### Required action
Reproduced exactly, the lines from the start of the material through the line containing "<!-- Generator: Adobe" should be the whole answer, with pictures excluded.

Recorded data: Begin

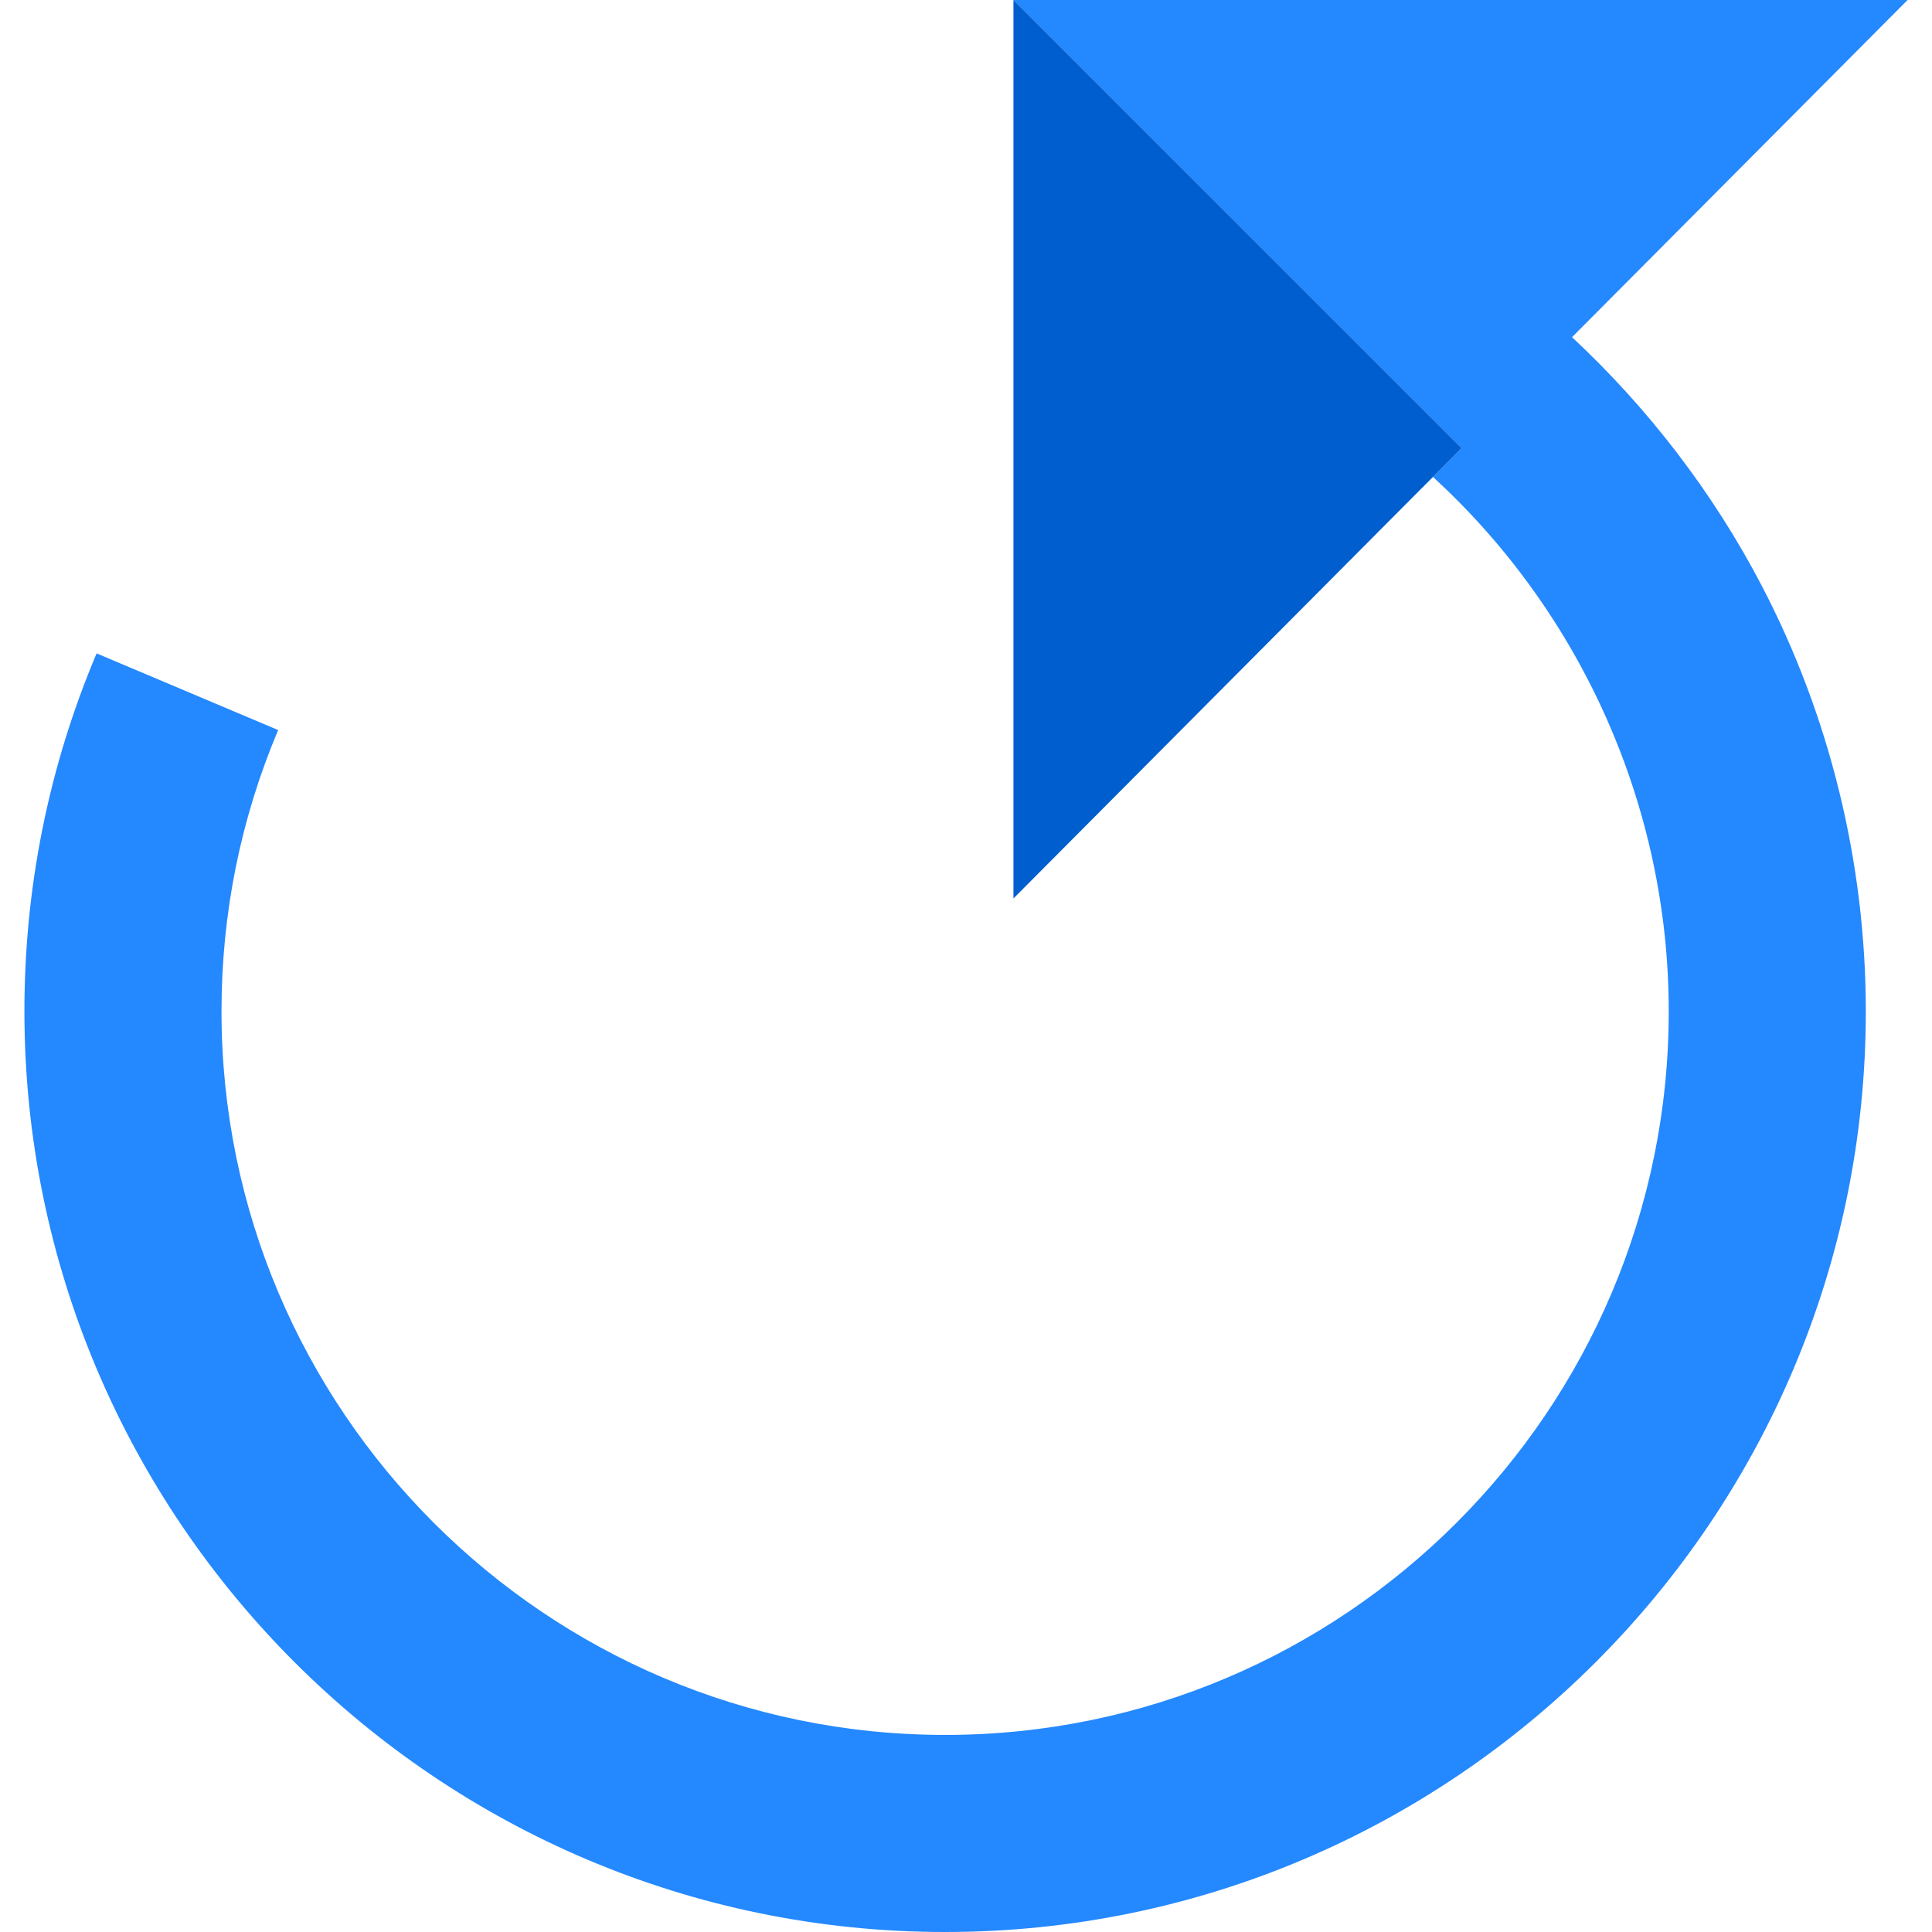 <?xml version="1.0" encoding="iso-8859-1"?>
<!-- Generator: Adobe Illustrator 19.0.0, SVG Export Plug-In . SVG Version: 6.00 Build 0)  -->
<svg version="1.1" id="Layer_1" xmlns="http://www.w3.org/2000/svg" xmlns:xlink="http://www.w3.org/1999/xlink" x="0px" y="0px"
	 viewBox="0 0 392.138 392.138" style="enable-background:new 0 0 392.138 392.138;" xml:space="preserve">
<g>
	<path style="fill:#2488FF;" d="M319.073,68.439L387.181,0h-181.48l90.96,90.96l-5.816,5.844
		c30.223,27.667,47.86,67.099,47.86,108.46c0,80.987-65.888,146.874-146.874,146.874S44.957,286.251,44.957,205.264
		c0-19.808,3.869-39.014,11.501-57.084l-36.85-15.562C9.887,155.64,4.957,180.081,4.957,205.264
		c0,103.042,83.831,186.874,186.874,186.874s186.874-83.832,186.874-186.874c0-30.084-7.324-59.991-21.181-86.489
		C347.708,100.003,334.607,82.913,319.073,68.439z"/>
	<polygon style="fill:#005ECE;" points="205.701,0 205.701,182.36 290.845,96.804 296.661,90.96 	"/>
</g>
<g>
</g>
<g>
</g>
<g>
</g>
<g>
</g>
<g>
</g>
<g>
</g>
<g>
</g>
<g>
</g>
<g>
</g>
<g>
</g>
<g>
</g>
<g>
</g>
<g>
</g>
<g>
</g>
<g>
</g>
</svg>

Recorded data: End

### Exercise solution
 <?xml version="1.0" encoding="iso-8859-1"?>
<!-- Generator: Adobe Illustrator 19.0.0, SVG Export Plug-In . SVG Version: 6.00 Build 0)  -->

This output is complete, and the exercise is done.